The European Randomized Study of Screening for Prostate Cancer (ERSPC) was a multinational study that randomized approximately 162,000 men between ages 50 and 74 years (with a predefined "core" screening group of men ages 55–69 years) to receive PSA testing every 4 years or no screening. Recruitment and randomizationprocedures and actual frequency of PSA testing varied by country. After a median follow-up of 9 years, a 20% relative reduction in the risk of prostate cancer death in the screened arm was noted in the "core" screening group (no difference in mortality was observed in the overall study population). The trial also found that 1140 men would need to be screened, and 48 additional cases treated to avert 1 death from prostate cancer.

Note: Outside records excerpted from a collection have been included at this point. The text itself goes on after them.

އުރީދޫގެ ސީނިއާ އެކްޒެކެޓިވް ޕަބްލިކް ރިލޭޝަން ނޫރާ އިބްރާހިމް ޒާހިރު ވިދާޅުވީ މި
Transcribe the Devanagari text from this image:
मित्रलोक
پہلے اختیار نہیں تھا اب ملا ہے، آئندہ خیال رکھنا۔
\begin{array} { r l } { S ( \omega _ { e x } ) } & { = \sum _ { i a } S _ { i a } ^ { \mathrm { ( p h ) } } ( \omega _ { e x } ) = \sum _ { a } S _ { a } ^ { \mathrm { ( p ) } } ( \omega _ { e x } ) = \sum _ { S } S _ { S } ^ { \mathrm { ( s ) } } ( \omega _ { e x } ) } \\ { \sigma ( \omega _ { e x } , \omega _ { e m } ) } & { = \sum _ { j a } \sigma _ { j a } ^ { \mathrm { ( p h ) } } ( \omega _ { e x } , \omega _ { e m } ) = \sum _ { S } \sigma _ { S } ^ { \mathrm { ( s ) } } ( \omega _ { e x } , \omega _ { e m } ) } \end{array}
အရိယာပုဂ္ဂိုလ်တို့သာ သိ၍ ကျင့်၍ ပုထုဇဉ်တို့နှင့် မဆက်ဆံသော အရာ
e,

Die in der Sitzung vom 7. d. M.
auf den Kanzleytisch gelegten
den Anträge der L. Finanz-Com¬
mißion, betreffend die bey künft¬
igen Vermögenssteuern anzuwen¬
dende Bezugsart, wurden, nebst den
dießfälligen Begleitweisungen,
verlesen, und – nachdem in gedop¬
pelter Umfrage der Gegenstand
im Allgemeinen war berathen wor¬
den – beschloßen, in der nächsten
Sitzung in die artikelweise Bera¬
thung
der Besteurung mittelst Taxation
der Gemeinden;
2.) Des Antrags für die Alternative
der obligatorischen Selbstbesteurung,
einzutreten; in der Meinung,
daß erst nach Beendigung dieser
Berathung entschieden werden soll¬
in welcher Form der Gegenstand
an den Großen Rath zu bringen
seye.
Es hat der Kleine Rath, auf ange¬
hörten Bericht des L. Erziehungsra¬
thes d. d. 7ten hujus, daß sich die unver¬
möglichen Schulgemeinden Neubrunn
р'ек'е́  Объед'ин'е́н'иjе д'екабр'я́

The effectiveness of treatments for low-stage prostate cancer is under study. However, both surgery and radiation therapy may cause significant morbidity, such as impotence and urinary incontinence. Comparison of radical prostatectomy to "watchful waiting" in clinically diagnosed (not screen-detected) prostate cancers showed a small decrease in prostate cancer death rate in the surgery arm, but no statistically significant decrease in overall mortality was seen after 11 years of follow-up. Benefits were restricted to men younger than age 65 years. Urinary incontinence and sexual impotence were more common in the surgery arm. A man should have a life expectancy of at least 10 years to be eligible for screening. The USPSTF has found insufficient evidence to recommend prostate cancer screening for men younger than age 75 years; it recommends against screening for prostate cancer in men age 75 years or older ("D" recommendation) (Table 82–3).
Transvaginal ultrasound and endometrial sampling have been advocated as screening tests for endometrial cancer. Benefit from routine screening has not been shown. Transvaginal ultrasound and endometrial sampling are indicated for workup of vaginal bleeding in postmenopausal women but are not considered as screening tests in symptomatic women.
Visual examination of all skin surfaces by the patient or by a health care provider is used in screening for basal and squamous cell cancers and melanoma. No prospective randomized study has been performed to look for a mortality decrease. Unfortunately, screening is associated with a substantial rate of overdiagnosis.